President of Guyana rejects decree by Maduro to extend Venezuelan maritime boundary

Guyana President Irfaan Ali has rejected Venezuela’s President Nicolas Maduro’s unilateral extension of his country’s maritime boundary with Venezuela to take in the the Atlantic waters off the Essequibo Region. In his address to the nation, the Guyana President stated: “We have always chosen a path of peaceful resolution of the Venezuelan issue within international law. 

It is, therefore, deeply disturbing that, on January 7th, the President of Venezuela, Mr Nicolas Maduro, issued a decree claiming for Venezuela sovereignty and exclusive sovereign rights in the waters and seabed adjacent to Guyana’s coast, west of the Essequibo River.  

 I remind that sovereignty over this coast, and the land territory to which it is attached, were awarded to Guyana (then British Guiana) in the 1899 Arbitral Award, whose validity and legally binding character Guyana is confident the International Court of Justice (ICJ) will uphold unequivocally. 

 Regrettably, by decreeing that the seas adjacent to this territory belong to Venezuela, at least two fundamental principles of international law have been violated.  
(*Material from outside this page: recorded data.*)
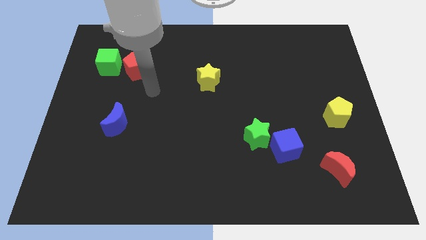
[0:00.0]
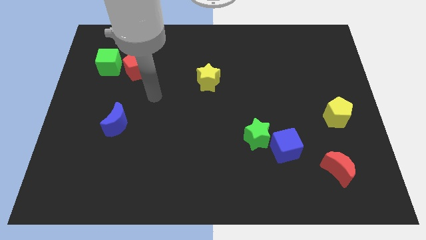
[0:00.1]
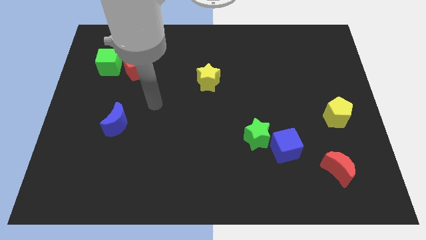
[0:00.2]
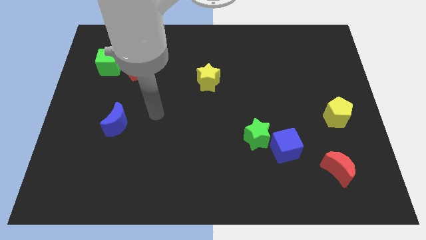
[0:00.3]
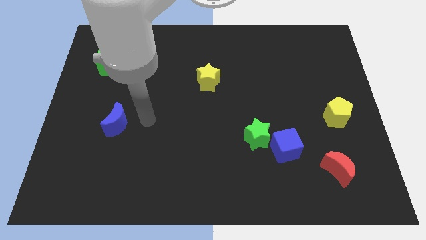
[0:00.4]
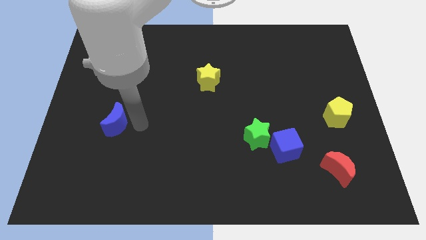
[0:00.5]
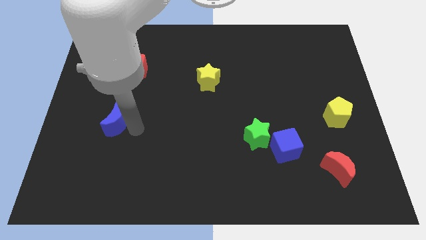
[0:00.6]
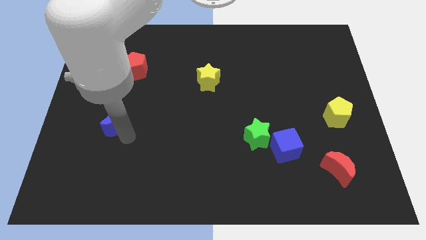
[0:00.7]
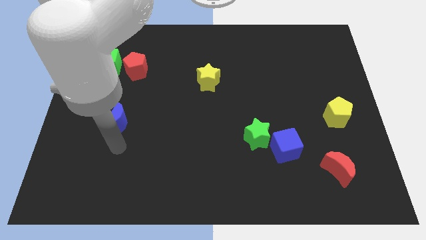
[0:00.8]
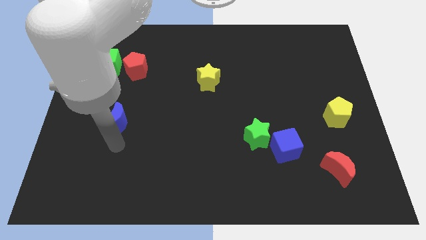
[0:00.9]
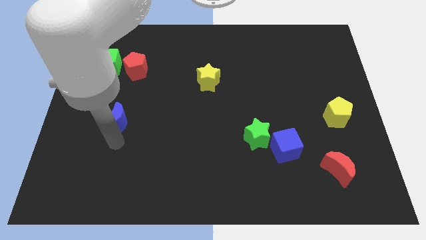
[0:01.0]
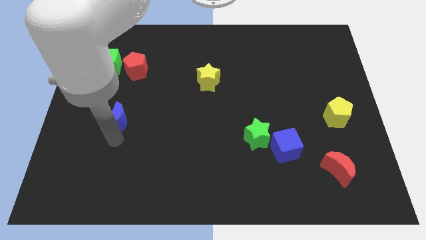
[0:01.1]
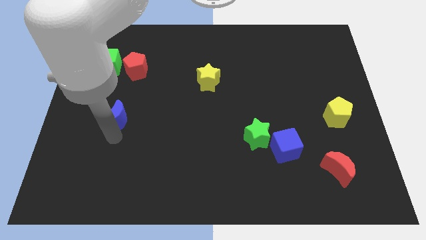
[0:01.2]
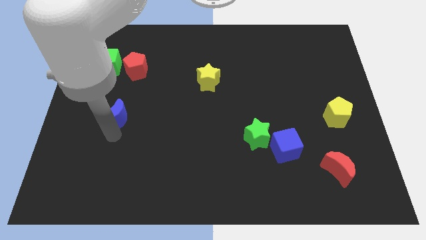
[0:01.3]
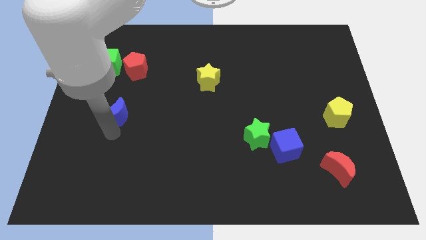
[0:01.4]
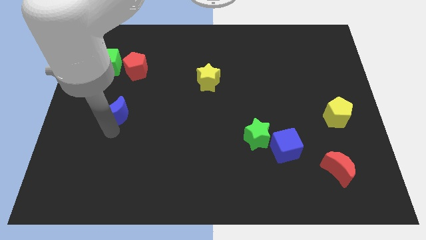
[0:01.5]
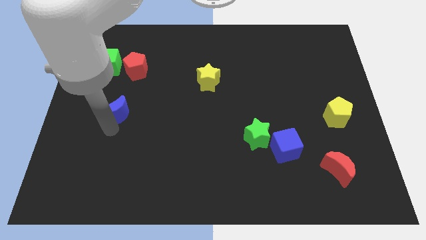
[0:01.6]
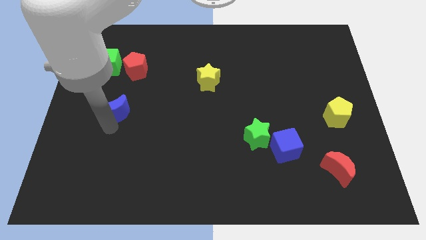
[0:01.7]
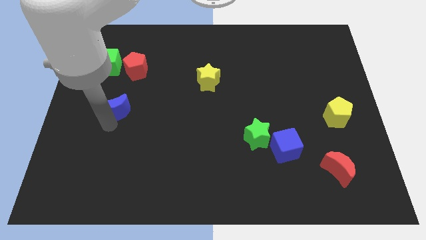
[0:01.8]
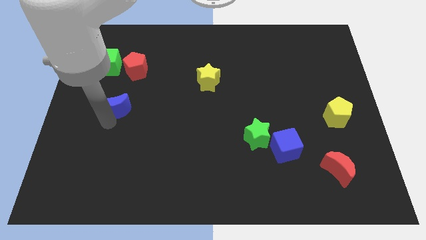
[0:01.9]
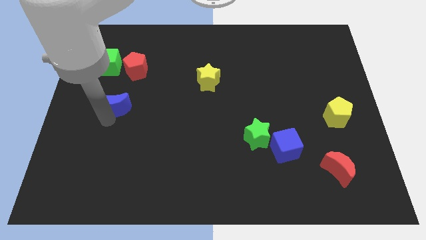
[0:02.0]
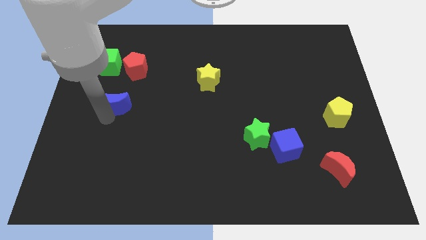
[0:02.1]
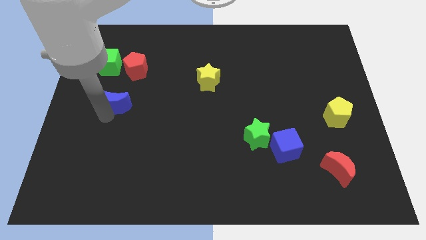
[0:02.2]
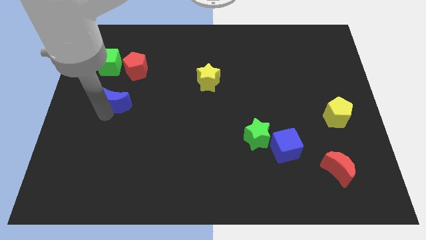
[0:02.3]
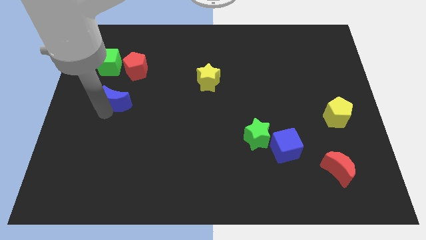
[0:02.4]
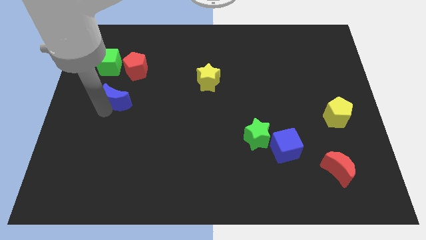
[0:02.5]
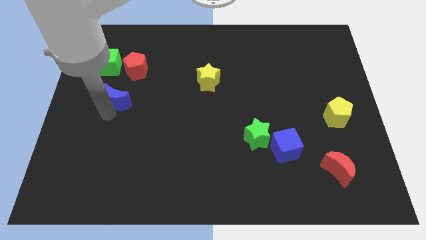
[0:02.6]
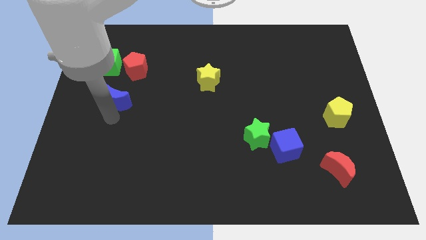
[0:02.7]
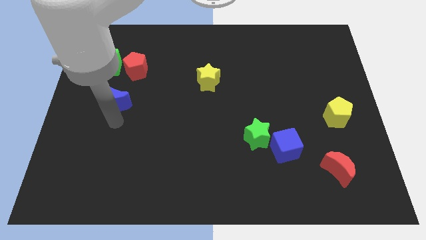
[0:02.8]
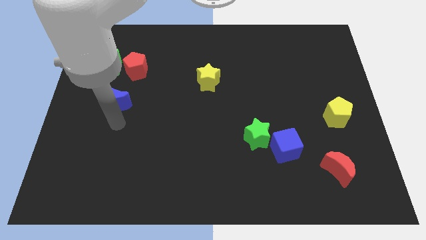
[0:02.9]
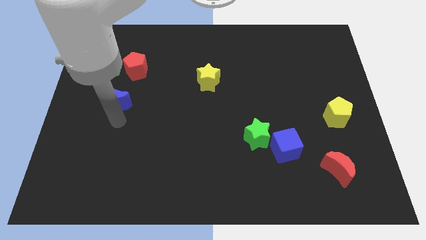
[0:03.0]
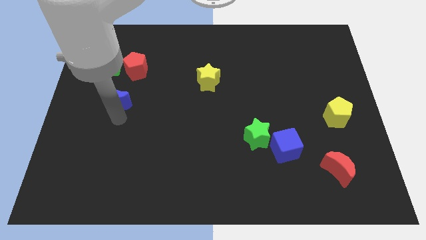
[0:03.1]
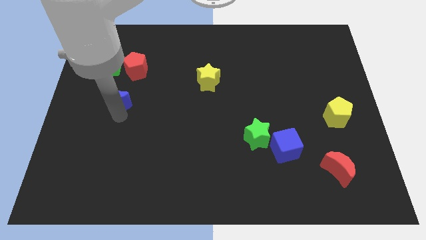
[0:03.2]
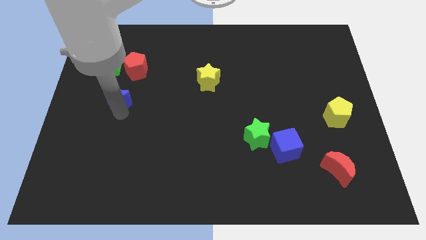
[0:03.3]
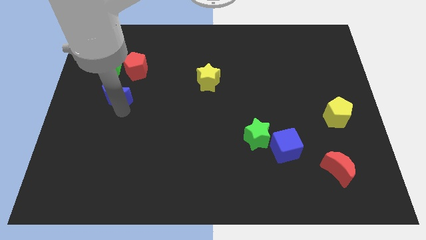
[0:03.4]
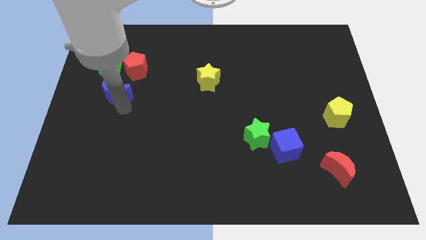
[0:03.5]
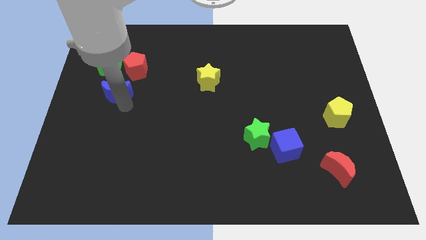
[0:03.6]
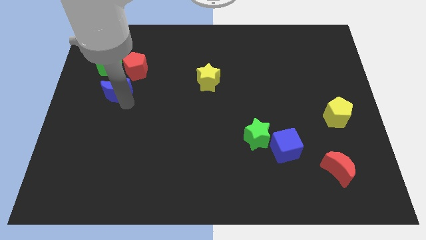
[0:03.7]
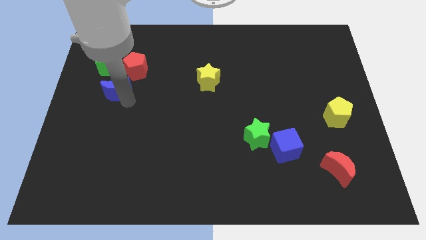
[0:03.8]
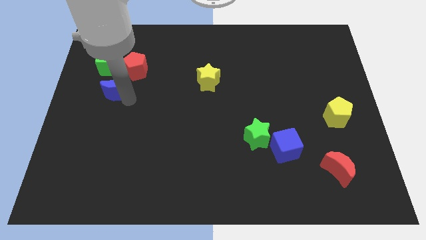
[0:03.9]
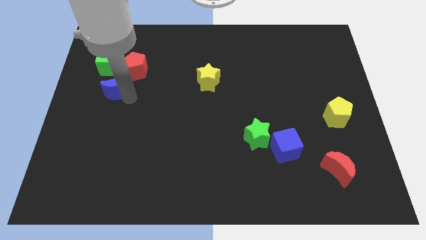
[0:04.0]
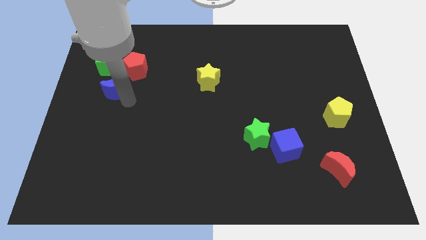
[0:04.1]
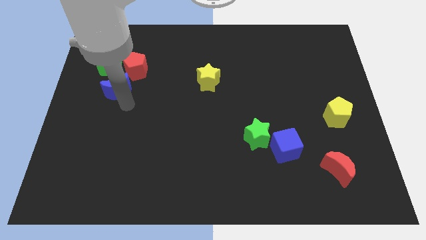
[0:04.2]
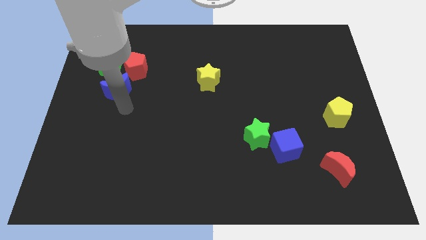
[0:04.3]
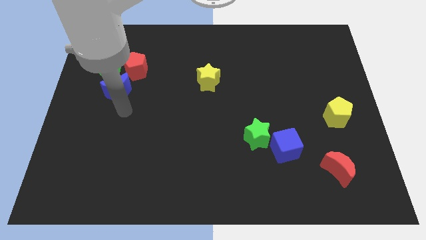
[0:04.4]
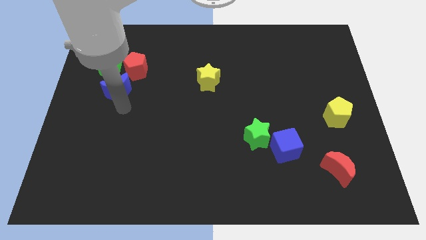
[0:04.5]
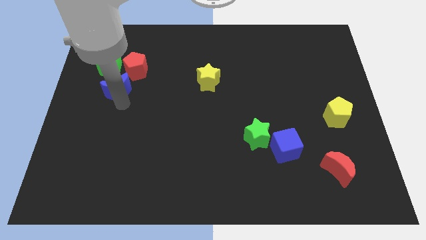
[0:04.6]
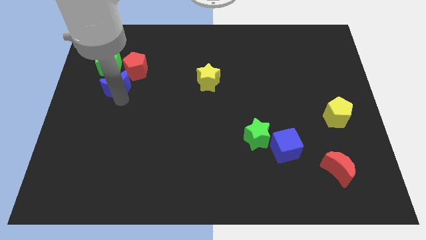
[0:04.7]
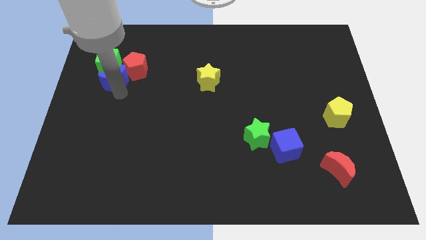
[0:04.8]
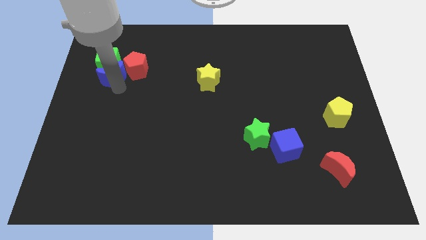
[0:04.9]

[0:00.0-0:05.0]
push the blue moon close to the green cube

 The first violation is that no State can unilaterally determine its international boundaries, whether they are land boundaries or maritime boundaries.  
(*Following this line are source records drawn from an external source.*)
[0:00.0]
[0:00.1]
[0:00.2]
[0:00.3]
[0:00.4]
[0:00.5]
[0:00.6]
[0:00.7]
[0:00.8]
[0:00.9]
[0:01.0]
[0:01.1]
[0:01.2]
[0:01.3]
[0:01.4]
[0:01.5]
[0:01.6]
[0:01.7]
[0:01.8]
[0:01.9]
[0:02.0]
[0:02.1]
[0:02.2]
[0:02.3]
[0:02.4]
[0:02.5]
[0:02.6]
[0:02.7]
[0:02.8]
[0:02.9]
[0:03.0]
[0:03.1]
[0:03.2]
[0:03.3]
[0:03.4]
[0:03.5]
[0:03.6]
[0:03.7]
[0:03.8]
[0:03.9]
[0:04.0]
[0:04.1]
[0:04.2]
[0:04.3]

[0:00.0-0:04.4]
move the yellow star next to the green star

The fixing of an international boundary under international law can only result from an agreement between neighbouring States, or a binding determination by an international court or arbitral tribunal.  

Therefore, this attempt by Venezuela to attempt, unilaterally, to fix both its land and maritime boundaries with Guyana is a legal nullity, which cannot, and will not, be respected by any other State in the world, including Guyana. 

The second violation of fundamental international law is based on the fact that, under well-established rules of international law, there is a fundamental principle that “the land dominates the sea”.  

This means that sovereignty, and sovereign rights in the sea and seabed, emanate from title to the land that forms the coast to which those seas and seabed are adjacent.”